6. (I told adulterers, that, in heaven, there is perpetual potency; and they said, if they had known this in the world, they would never have committed whoredom, so that they might come into heaven. But I said, that, in heaven, it is permitted to love only the married partner, in hell to commit whoredom at pleasure; [and I asked] whether, in this case, they would wish to be in hell, or in heaven; but I was unable to extort a reply from them.)

7. (If a man concentrates his love upon his wife, by shunning adultery as sin, then love with its potency increases daily; but if men take from that love and consume it with harlots, conjugial love becomes like chaff, and dies.)

8. ([I mentioned] about a woman, that she said, that it is impossible to love one's wife, because it becomes usual. But the angels said that she is mistaken; and that what is usual, when love is truly conjugial, is the plane in which enjoyments form themselves, from within, as upon a rose bed; and that every separate rose becomes a plane in which interior enjoyments are formed and variegated, and this to eternity.)

9. (Fury as it were inflames infernals, when they become sensible of the sphere of conjugial love, - from much experience.

10. (Married partners together, or conjugial love, is the very image and likeness of God,) (adultery destroys it.)

11. (Hell is infuriated when those there perceive the sphere of conjugial love, - from experience, as it were, out of heaven.)

12. (When adultery is thought permissible, it exists in endeavor in the whole body.)

13. (Every man is some affection in a form; if a charity, he is in an angelic form: the kind of affections he then has are lambs and doves.)

14. (Marriage is like the marriage of the will and understanding, or of affection and thought, in all and every single thing, because it is [the union] of good and truth. The conjunction, or marriage, of these, may be illustrated by the marriage of sound and speech, in which it may be clearly seen. As speech is the form of sound, so man may be described as the form of the wife; they are one flesh; a man shall cleave to his wife; the wife is the man's soul, and life, or is the heart of the man; but neither knows anything else than that the other is his, or hers, and that each is the other's reciprocally and mutually.)

15. (The nerves are softer in women; the veins somewhat wider, and the arteries stronger [than] in men: the hips broader, because the hips signify conjugial love, see Arcana Coelestia.)

16. (Unless eternity, or eternal conjunction, be thought of, a woman is not a wife, but a concubine; and from the lack of the idea of eternity, conjugial love perishes.)

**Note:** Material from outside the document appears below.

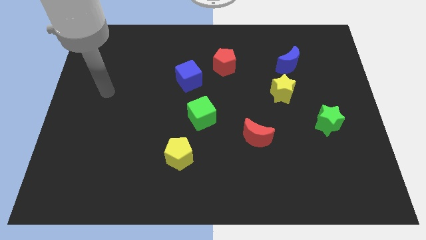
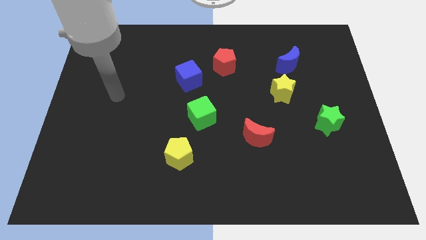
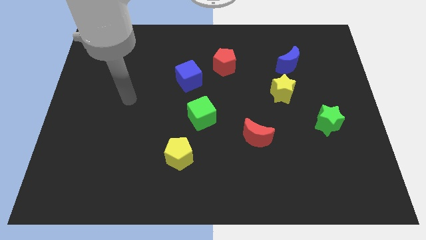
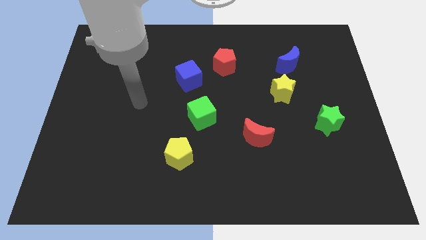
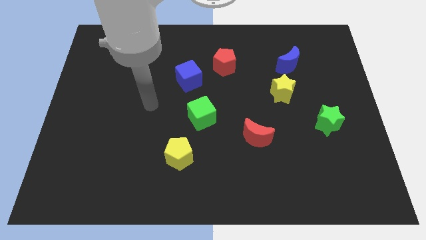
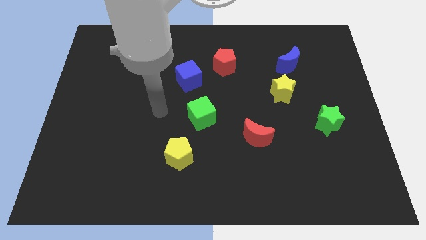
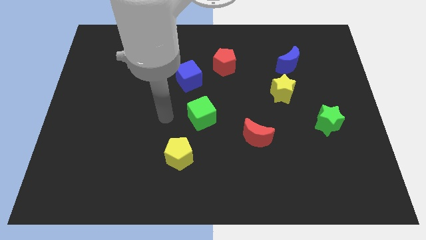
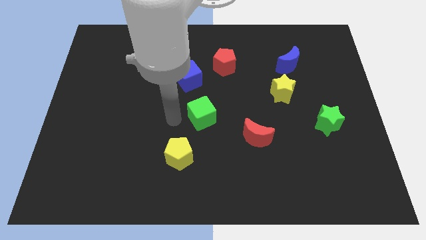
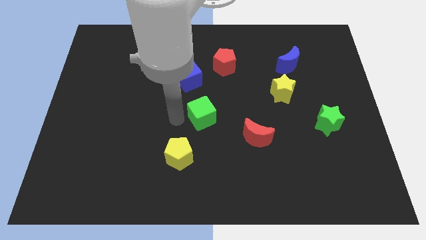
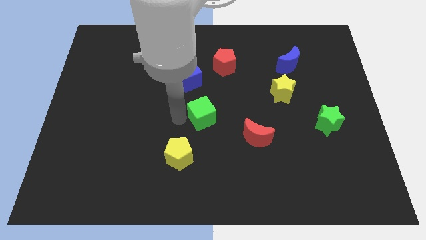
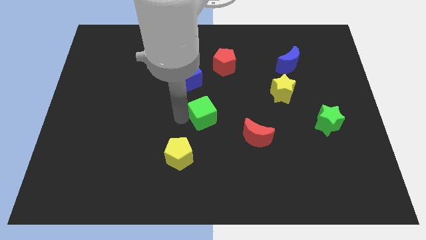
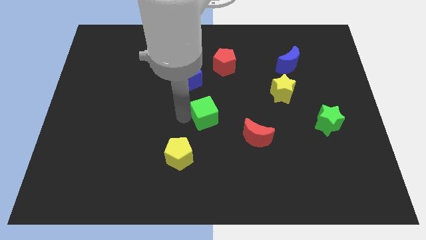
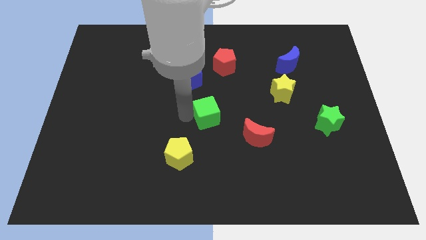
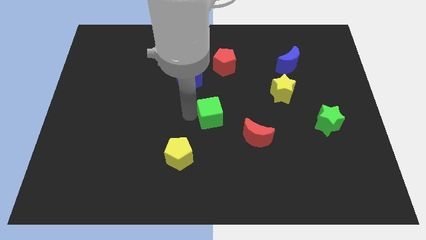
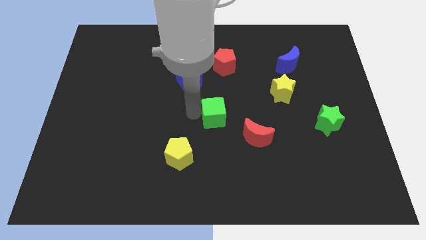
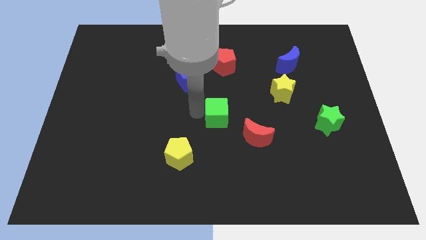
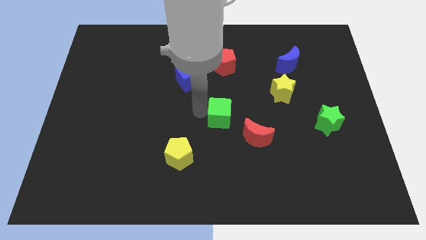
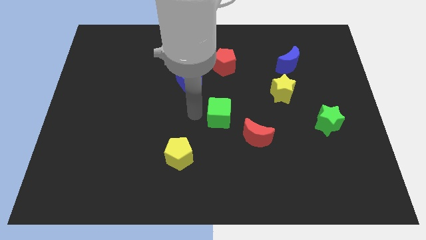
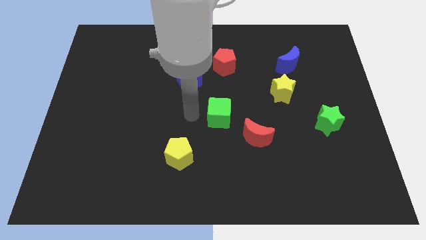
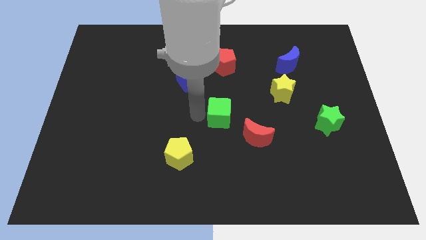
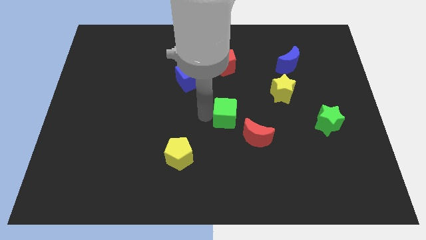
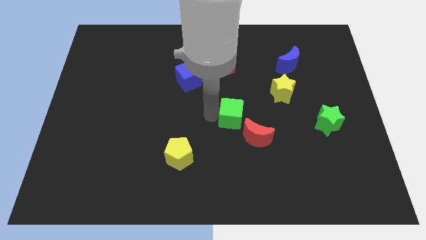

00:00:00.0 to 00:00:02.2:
push the green cube a little bit to the right

17. (The bond must be on this side and on that, or forward and back; if not, there is no conjugial love. The bond, on this side and that, is, that the wife's affection be in the man's understanding, and the man's understanding be in the wife. And, nevertheless, it does not become eternal. If angelic spirits speak of these two things in the world of spirits, the hells are agitated, and those who are leagued with the hells are as if infuriated.)

18. (In heaven, the wife is spiritual heat, and the husband spiritual light.)

19. (A beautiful celestial and spiritual woman is beauty itself, or the form of beauty and of good. From the Lord, as regards every created work in the universe, it is manifest that there does not exist anything more beautiful than a virgin.)

20. (How the husband's life enters the wife, through the thighs, and by means of love. How truth then becomes good, or understanding, the will of the wife, and how, finally, the husband's understanding becomes the form of the wife's affection. Thus, how it is to be understood that the wife was formed from Adam's rib, and that Adam said, Bone of my bone, and flesh of my flesh; also, that they shall become one flesh, and that a man shall cleave to his wife.)

21. (The delight of rape: the hell of those in that delight is cadaverous: why -. The delight of deflowering: the quality of whoredom. What kind of delight the delight of variety is: those in it become like male mice. What, and of what sort, is the pleasure of committing adultery with the wife of another. Of what nature the pleasure of fornication with a man who has a wife, is. The pleasure of having a concubine before marriage: of what nature it is: that it is permitted: how, and to whom.)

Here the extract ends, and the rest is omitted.